Not all Labels are Alike.
Of the tasks selected by the authors, one stands out in its resilience to counterfactual manipulation: predicting Diabetes from clinical notes, using either ConvNet or LSTM. Its output difference (Figures 3c-d, 4c-d) follows a distinct pattern: the positive-label instances are very hard to manipulate, whereas the negative-label ones are not [The JS divergence distribution for the positive class in LSTM may seem impressive, but keep in mind the model achieved a lukewarm 0.79 F1 score on this task]. I suggest that this behavior emerges from the nature of a true 0–1 task: the presence of diabetes is likely to be described using a short phrase or several domain-salient words, but its absence is likely not to be mentioned at all, rendering any part of the document as (non-)informative as the rest, and thus allowing many alternative distributions to be as useful as the original one. Similar arguments could be made for the results on the different classes of SNLI (Figures 3g-h, 4e-f).
Explanation is not Explanation
Explanation is a loaded term, both in official AI terminology and in human conceptual thought. Some recent literature has taken care to tease away the various senses commonly conflated in the use of this term and some related ones such as transparency and interpretability. Most notable is Zachary Lipton’s 2016 survey, The Mythos of Model Interpretability.
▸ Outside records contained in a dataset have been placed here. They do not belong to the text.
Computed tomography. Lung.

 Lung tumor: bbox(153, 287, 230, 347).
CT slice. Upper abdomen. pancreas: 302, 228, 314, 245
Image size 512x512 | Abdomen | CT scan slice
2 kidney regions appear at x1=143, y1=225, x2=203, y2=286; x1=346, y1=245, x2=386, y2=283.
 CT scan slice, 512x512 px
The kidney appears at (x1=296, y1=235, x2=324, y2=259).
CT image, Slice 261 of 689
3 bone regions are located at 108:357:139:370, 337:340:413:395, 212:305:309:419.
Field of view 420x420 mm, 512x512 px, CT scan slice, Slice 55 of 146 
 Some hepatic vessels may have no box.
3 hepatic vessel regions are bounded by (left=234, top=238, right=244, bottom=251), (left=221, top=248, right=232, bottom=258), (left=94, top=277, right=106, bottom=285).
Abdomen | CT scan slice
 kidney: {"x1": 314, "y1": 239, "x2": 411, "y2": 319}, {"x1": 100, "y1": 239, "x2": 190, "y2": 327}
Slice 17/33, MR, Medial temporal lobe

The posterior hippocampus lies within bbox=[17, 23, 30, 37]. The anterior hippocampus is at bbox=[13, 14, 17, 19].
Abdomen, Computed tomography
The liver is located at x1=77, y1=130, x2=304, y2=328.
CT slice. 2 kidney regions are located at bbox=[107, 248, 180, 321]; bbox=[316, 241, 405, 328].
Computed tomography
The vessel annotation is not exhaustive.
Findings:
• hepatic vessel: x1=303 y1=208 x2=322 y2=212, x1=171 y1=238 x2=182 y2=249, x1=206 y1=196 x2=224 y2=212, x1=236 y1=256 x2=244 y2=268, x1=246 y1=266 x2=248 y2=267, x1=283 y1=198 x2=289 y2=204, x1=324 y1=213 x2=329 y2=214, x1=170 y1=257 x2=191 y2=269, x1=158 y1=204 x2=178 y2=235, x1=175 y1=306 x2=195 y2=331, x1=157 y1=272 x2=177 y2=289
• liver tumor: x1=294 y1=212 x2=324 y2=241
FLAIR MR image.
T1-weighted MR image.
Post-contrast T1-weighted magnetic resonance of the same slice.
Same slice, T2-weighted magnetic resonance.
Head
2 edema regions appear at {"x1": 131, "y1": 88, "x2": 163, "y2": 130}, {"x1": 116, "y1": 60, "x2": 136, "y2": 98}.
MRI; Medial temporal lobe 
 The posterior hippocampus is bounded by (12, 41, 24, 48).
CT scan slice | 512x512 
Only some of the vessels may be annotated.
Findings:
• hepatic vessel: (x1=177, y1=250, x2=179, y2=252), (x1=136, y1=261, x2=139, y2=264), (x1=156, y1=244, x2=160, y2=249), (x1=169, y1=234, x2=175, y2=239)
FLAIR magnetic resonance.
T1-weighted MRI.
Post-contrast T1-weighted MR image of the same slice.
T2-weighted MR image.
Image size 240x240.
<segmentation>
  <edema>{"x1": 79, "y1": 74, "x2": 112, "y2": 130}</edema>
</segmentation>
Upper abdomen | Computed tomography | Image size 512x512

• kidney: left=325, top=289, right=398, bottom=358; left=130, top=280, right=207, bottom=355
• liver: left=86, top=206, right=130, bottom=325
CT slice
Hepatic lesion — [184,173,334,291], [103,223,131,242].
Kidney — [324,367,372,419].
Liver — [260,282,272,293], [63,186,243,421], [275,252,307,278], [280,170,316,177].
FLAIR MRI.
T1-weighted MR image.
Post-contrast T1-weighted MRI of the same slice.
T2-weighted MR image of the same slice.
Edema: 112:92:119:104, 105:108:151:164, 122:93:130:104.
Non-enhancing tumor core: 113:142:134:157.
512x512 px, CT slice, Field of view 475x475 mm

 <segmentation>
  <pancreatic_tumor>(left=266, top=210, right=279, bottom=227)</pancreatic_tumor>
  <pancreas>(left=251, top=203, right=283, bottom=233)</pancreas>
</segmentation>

J&W cite it, but still use the terms somewhat interchangeably, making it hard to understand which sense they believe people are using attention as a signal for, or which it should not be used for. As an example, consider the nuance separating these two notions of attention:
- Attention as a sanity check: we, who built the (say) translation model, have an idea which words in the source text “should” map to which words in the target text, and it would be a neat demo if a component in the model shows us exactly the patterns we expect.
- Attention as a tool: the model is looking at (say) the patient visit summary, predicting which condition was diagnosed (supervised by existing annotation), and tells us through attention which part of the text caused it to make the prediction. The outputs of the model may now help in seeding a glossary for medical diagnosis, for example.
J&W appear to be targeting the first usage, whereas for example the diagnosis study I cited before is concerned with the second. Would definitive results from well-prepared experiments on J&W’s questions even have consequences towards this type of work?
Attention might be explanation. It might not be explanation. Whether or not it is depends heavily on the underlying model architecture; on the task; on the sense of “explanation” we’re after. I haven’t touched points such as use of attention in generation tasks such as image captioning, where visual attention is quite convincingly argued to be explanatory. But one thing I believe in is that broad claims require rigorous argumentation and convincing empirical results.
I thank my labmates at Georgia Tech’s Computational Linguistics lab, and especially Sarah Wiegreffe, for the discussion that led to this post and notes on its draft; errors and tone are all mine.